Particles in trays how did they get there?

There are many ways contaminants can get into the load.  Inadequate cleaning and rinsing, water quality issues, especially when tap water is used for the final rinse, when water is not filtered and construction is happening in the facility. Then, of course it can result from handling issues; here’s one to consider…This week we were asked to investigate samples of minute particulate matter collected from inside our container. What’s going on? We have a sterile barrier, an anodized seal, a disposable filter that keeps out bacteria and certainly environmental contaminants. How did anything get in with our knife edge fit between lid and base and a clamping locking mechanism to secure the load?  Our vent pattern is protected with a filter and filter retention plate that is gasketed and with vents that are offset.


The Investigation

Using 40x magnification with our stereoscopic microscope, our scientists found minute dust particles, fibers and particulate matter, nothing metallic at all or associated with any container components. And this was not the first time we were asked to investigate particulate matter within a load.  Last time with magnification, we investigated a similar complaint, only to find minute dust particles and an eye lash. What’s going on?

The Results

Filters were being removed and inspected in the OR and the quality check for holes was done over the contents. Consider why one might do this and what are the risks. We learned that this is something many have been told to do by another container supplier, and with good reason.  Their filter retention plate assembly is OPEN not offset (like ours). Take off the lid, remove the filter from the retention plate and hold it up to the light. CAUTION: If you must check the filter never do it anywhere near the sterile field or over the contents of the container.

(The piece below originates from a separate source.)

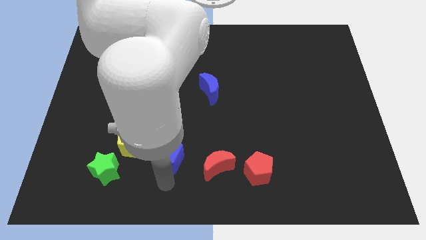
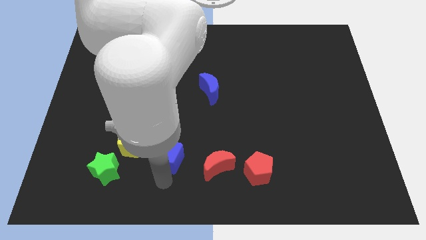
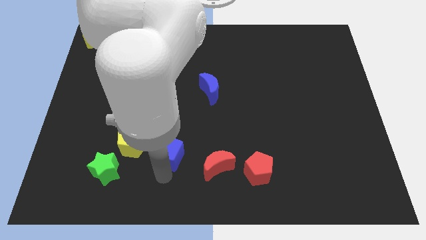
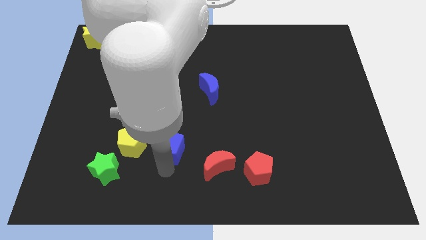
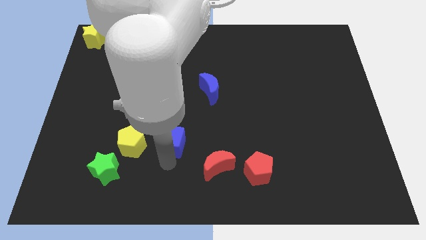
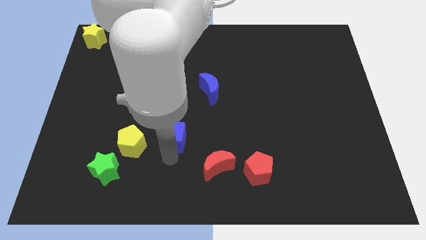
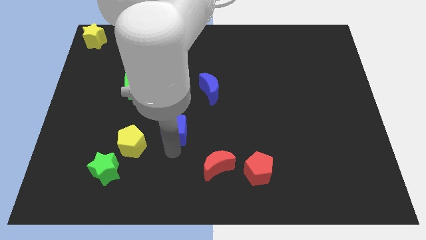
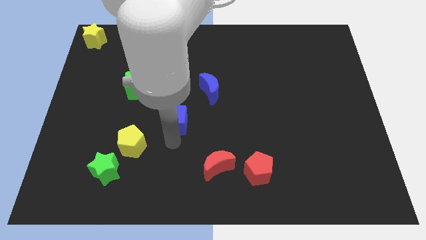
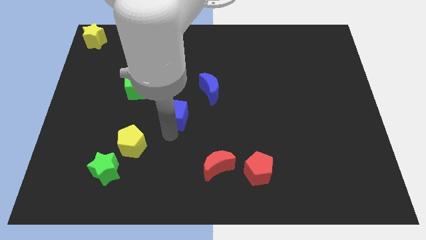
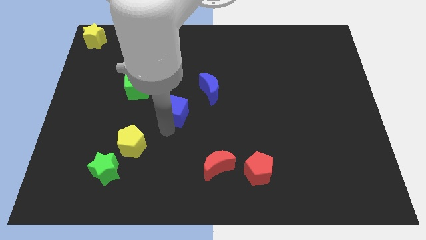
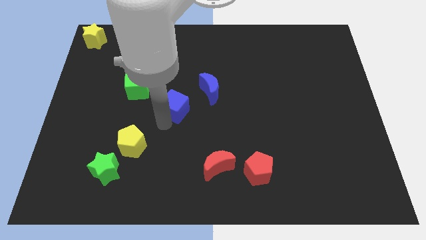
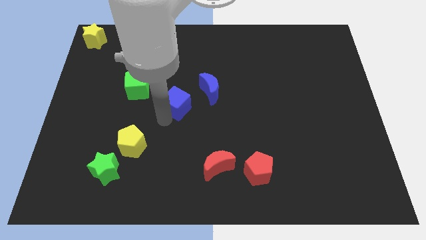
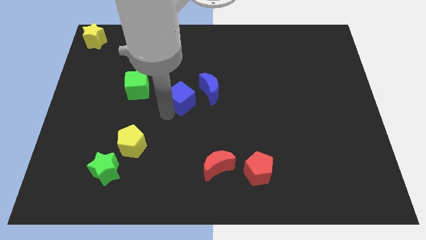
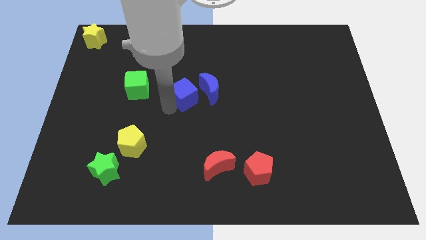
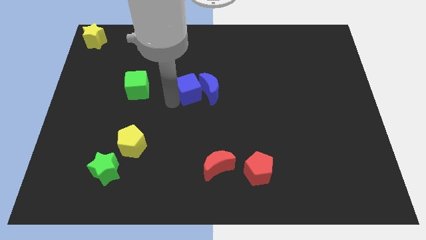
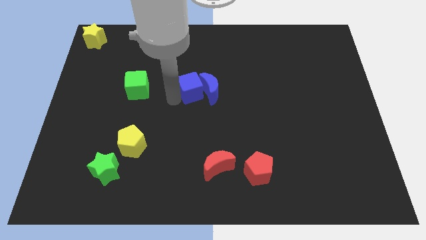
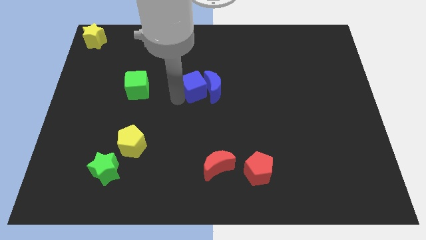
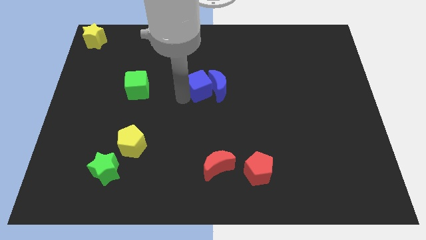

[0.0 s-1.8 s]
place the blue cube to the left side of the blue moon

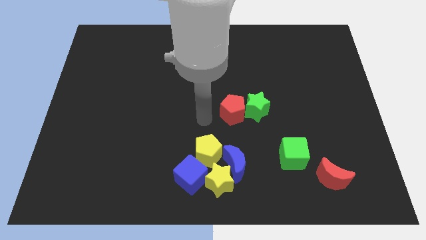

Filter(s) in sterilization containers remove particulate matter and microorganisms through a combination of sieving, screening, entrapment, impaction, and electrostatic attraction of particles (including microbes).The filter permits the passage of air and sterilants; it also provides a microbial barrier. Filters are systems or elements used to remove substances such as dust or dirt, even bacteria, as they pass through the filtering media.The purpose of the filter in filtered sterilization containers is to be not only a microbial barrier, but one that keeps the nasties from the environment from getting into the sterilized load. Particles from the environment are collected on the surface of the filter during transport and handling.

A step ahead

At Case Medical, we designed a universal container system that is compatible with all sterilization modalities and devices that can be sterilized; and we have an offset vent pattern that protects the sterile contents from the environment.  Try this little experiment! Use a sharp item, even a pen, and try to create a hole through our filter retention plate.  You will likely find that it is simply impossible to do so because of our offset design. Do not inspect filters in the OR when you have SteriTite containers, or you can as in this week’s scenario dump the nasties the filter has captured over the load.  Yes, our competitor tells you to do so.  We say, no way! 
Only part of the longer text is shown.